3D Spatial Thinking Employed by Geoscience Experts in the Petroleum Industry
Melanie Coyan, Bob Krantz, Peter Hennings, Richard Aram, and Juli Hennings
ConocoPhillips, Houston, TX, USA
Geoscientists within the energy industry must possess keen spatial-visualization and spatial-reasoning skills. Their jobs require them to decipher the orientations and kinematic evolution of units that can not be directly observed to accurately interpret and understand the subsurface. Much of the time, these geoscientists must construct a complete understanding using a data set of variable clarity and resolution derived from only a portion of the area of interest.

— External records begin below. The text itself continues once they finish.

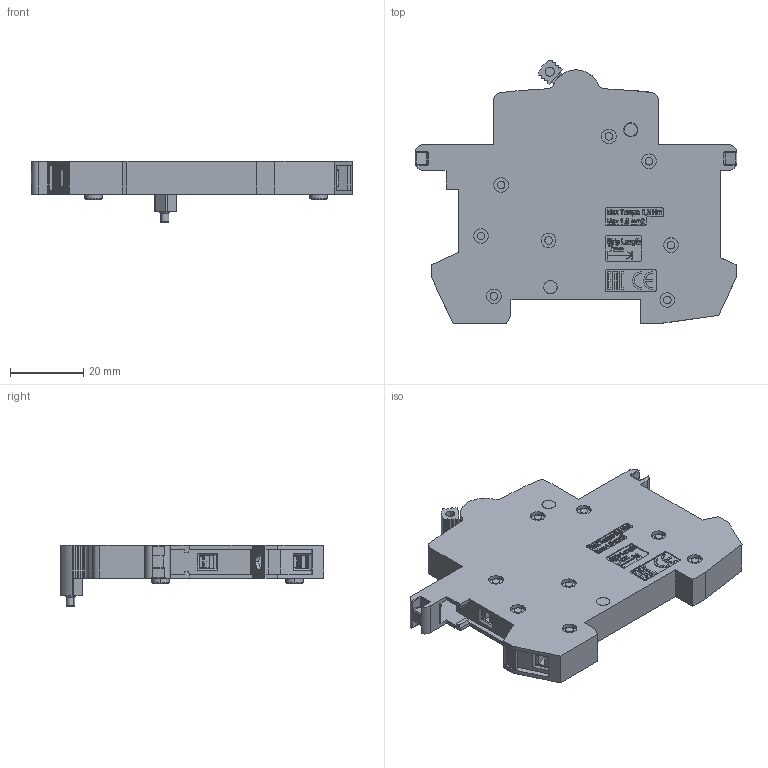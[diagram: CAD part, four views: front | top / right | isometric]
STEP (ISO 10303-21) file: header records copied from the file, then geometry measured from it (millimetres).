
FILE_DESCRIPTION((''),'2;1');
FILE_NAME('ASM0005_ASM','2020-12-21T',('marketing.praksa'),('Audax d.o.o.'),'CREO PARAMETRIC BY PTC INC, 2017480','CREO PARAMETRIC BY PTC INC, 2017480','');
FILE_SCHEMA(('AUTOMOTIVE_DESIGN { 1 0 10303 214 1 1 1 1 }'));
Products named in the file (9): 0000022013_1_1_2; LOGO_X-9_87_Y-6_07_1_ASM; LOGO_X-2_96_Y-1_88_ASM; TMP_DWG_65_1_1_1_2_1; TMP_DWG_65_1_2_1_2_1; TMP_DWG_65_1_3_1_2_1; ASM0008_1_ASM; LOGO_X-4_94_Y-3_13_ASM; ASM0005_ASM
Assembly tree (8 placements, depth 4):
  ASM0005_ASM
    0000022013_1_1_2
    LOGO_X-2_96_Y-1_88_ASM
      LOGO_X-9_87_Y-6_07_1_ASM
    LOGO_X-4_94_Y-3_13_ASM
      ASM0008_1_ASM
        TMP_DWG_65_1_1_1_2_1
        TMP_DWG_65_1_2_1_2_1
        TMP_DWG_65_1_3_1_2_1
Bounding box: 88 x 72.15 x 16.8 mm (x, y, z)
Volume: 34199.5 mm3; surface area: 18925.9 mm2
Topology: 4 solids, 20 shells, 2809 faces, 7672 edges, 5013 vertices
Faces by surface type: plane 1645, extrusion 756, cylinder 328, bspline 24, cone 20, sphere 18, torus 18
Entity records: 114229 total; most frequent: CARTESIAN_POINT 24064, ORIENTED_EDGE 15264, DIRECTION 11648, EDGE_CURVE 7652, VECTOR 5952, LINE 5196, VERTEX_POINT 5013, PRESENTATION_STYLE_ASSIGNMENT 3497

Within the industry, technology is continually improved to meet new challenges and further productivity; however, there is typically little focus, if any, on understanding the cognitive demands involved in meeting these same challenges. Changes occurring across the industry, such as a growing need to understand areas of greater subsurface complexity as well as the increased hiring of early-career geoscientists coupled with the retirement of experienced geoscientists, necessitate hastening the learning process. Consequently, we seek to better understand the spatial skills involved in the various aspects of subsurface interpretation, incorporate spatial-skills enrichment into geoscience training, and bridge the gap between industry and the expertise of the academic research community.
Subsurface interpretation involves constructing 3D mental models of complex spatial relationships from 2D or 3D data, mentally manipulating these models into different spatial arrangements, mentally rotating these models to perceive them from different orientations, and constructing mental pictures of the internal structure, at the very least. Previous research exploring the relationship between spatial cognition and geoscience expertise suggests that visual penetrative ability (Alles and Riggs, 2011; Titus and Horsman, 2009; Piburn et al., 2005; Kali and Orion, 2996), mental rotation (Titus and Horsman, 2009; Piburn et al., 2005), spatial manipulation (Titus and Horsman, 2009; Piburn et al., 2005), and disembedding (Kastens and Ishikawa, 2006; Black, 2005; Piburn et al., 2005) are all integral to the practice of geology. Piburn et al. (2005) and Titus and Horsman (2009) additionally showed that spatial skills can improve with training and practice.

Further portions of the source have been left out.